ERROR: LoadError: CUDA error: an illegal memory access was encountered (code 700, ERROR_ILLEGAL_ADDRESS)
Stacktrace:
  [1] throw_api_error(res::CUDA.cudaError_enum)
    @ CUDA ~/nix/store/20dwbx3shyln9jqhf845yr3r88h5qxz7-trexp-cuda-load-path/CUDA/lib/cudadrv/libcuda.jl:30
  [2] check
    @ ~/nix/store/20dwbx3shyln9jqhf845yr3r88h5qxz7-trexp-cuda-load-path/CUDA/lib/cudadrv/libcuda.jl:37 [inlined]
  [3] cuMemAllocFromPoolAsync
    @ ~/nix/store/20dwbx3shyln9jqhf845yr3r88h5qxz7-trexp-cuda-load-path/GPUToolbox/src/ccalls.jl:33 [inlined]

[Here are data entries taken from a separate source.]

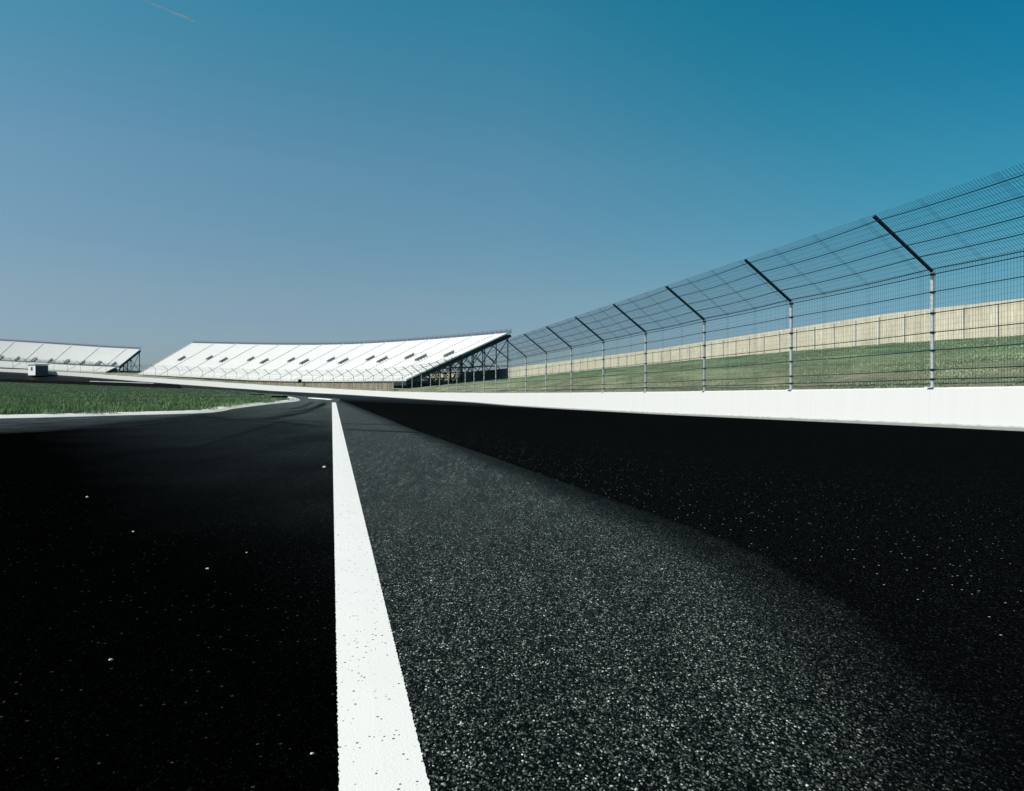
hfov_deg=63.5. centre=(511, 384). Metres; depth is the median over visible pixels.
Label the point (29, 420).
pale strip
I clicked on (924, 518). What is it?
track
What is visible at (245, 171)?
sky
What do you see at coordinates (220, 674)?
infield road
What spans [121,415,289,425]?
tyre mark
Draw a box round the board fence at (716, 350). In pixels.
[427,298,1022,380]
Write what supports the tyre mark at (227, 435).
on the infield road
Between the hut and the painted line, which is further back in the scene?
the hut
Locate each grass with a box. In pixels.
[0,382,274,395]
[0,393,296,401]
[0,397,293,414]
[358,335,1022,392]
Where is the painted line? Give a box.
[332,402,429,790]
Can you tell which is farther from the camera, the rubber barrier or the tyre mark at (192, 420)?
the rubber barrier
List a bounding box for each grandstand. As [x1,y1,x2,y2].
[0,339,140,372]
[138,329,510,387]
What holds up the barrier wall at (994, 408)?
on the track
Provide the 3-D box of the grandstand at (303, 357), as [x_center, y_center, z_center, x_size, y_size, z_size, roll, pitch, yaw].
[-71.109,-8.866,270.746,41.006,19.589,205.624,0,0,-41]
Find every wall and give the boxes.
[0,369,1023,430]
[89,381,153,383]
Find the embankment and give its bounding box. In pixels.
[19,335,1023,392]
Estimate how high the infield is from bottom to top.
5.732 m
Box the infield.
[0,382,267,406]
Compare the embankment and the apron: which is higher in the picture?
the embankment
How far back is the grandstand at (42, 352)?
358.57 m
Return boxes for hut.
[27,362,49,374]
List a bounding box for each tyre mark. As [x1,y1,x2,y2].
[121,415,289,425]
[198,424,271,443]
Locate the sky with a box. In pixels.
[0,0,1023,380]
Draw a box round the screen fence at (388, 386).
[220,380,393,389]
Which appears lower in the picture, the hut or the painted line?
the painted line
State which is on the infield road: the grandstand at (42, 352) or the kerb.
the kerb
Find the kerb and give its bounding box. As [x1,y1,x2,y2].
[0,396,299,417]
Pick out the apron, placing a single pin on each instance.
(550, 634)
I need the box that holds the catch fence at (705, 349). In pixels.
[0,163,1023,392]
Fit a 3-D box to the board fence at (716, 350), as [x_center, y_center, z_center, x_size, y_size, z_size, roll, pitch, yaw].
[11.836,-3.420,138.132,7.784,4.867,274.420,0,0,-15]
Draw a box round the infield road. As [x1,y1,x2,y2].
[0,382,339,790]
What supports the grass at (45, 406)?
on the infield
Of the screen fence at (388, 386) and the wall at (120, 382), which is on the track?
the wall at (120, 382)
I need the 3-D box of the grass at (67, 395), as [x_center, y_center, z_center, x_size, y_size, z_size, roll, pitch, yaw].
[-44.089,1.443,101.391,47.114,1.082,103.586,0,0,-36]
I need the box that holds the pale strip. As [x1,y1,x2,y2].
[0,413,204,425]
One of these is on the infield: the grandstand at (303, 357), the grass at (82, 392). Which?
the grass at (82, 392)
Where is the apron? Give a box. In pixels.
[336,400,1023,790]
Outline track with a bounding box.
[0,372,1023,646]
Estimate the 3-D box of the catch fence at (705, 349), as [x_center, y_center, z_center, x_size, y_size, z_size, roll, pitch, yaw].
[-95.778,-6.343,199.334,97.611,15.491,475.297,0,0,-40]
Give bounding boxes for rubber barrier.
[0,379,181,387]
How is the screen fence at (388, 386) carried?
on the embankment
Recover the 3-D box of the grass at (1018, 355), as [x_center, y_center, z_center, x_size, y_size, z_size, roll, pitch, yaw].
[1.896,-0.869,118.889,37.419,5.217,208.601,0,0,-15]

  [4] alloc(::Type{CUDA.DeviceMemory}, bytesize::Int64; async::Bool, stream::CUDA.CuStream, pool::CUDA.CuMemoryPool)
    @ CUDA ~/nix/store/20dwbx3shyln9jqhf845yr3r88h5qxz7-trexp-cuda-load-path/CUDA/lib/cudadrv/memory.jl:71
  [5] alloc
    @ ~/nix/store/20dwbx3shyln9jqhf845yr3r88h5qxz7-trexp-cuda-load-path/CUDA/lib/cudadrv/memory.jl:61 [inlined]
  [6] (::CUDA.var"#_pool_alloc##0#_pool_alloc##1"{Int64, CUDA.CuMemoryPool, @NamedTuple{device::CUDA.CuDevice, context::CUDA.CuContext, stream::CUDA.CuStream, math_mode::CUDA.MathMode, math_precision::Symbol}})()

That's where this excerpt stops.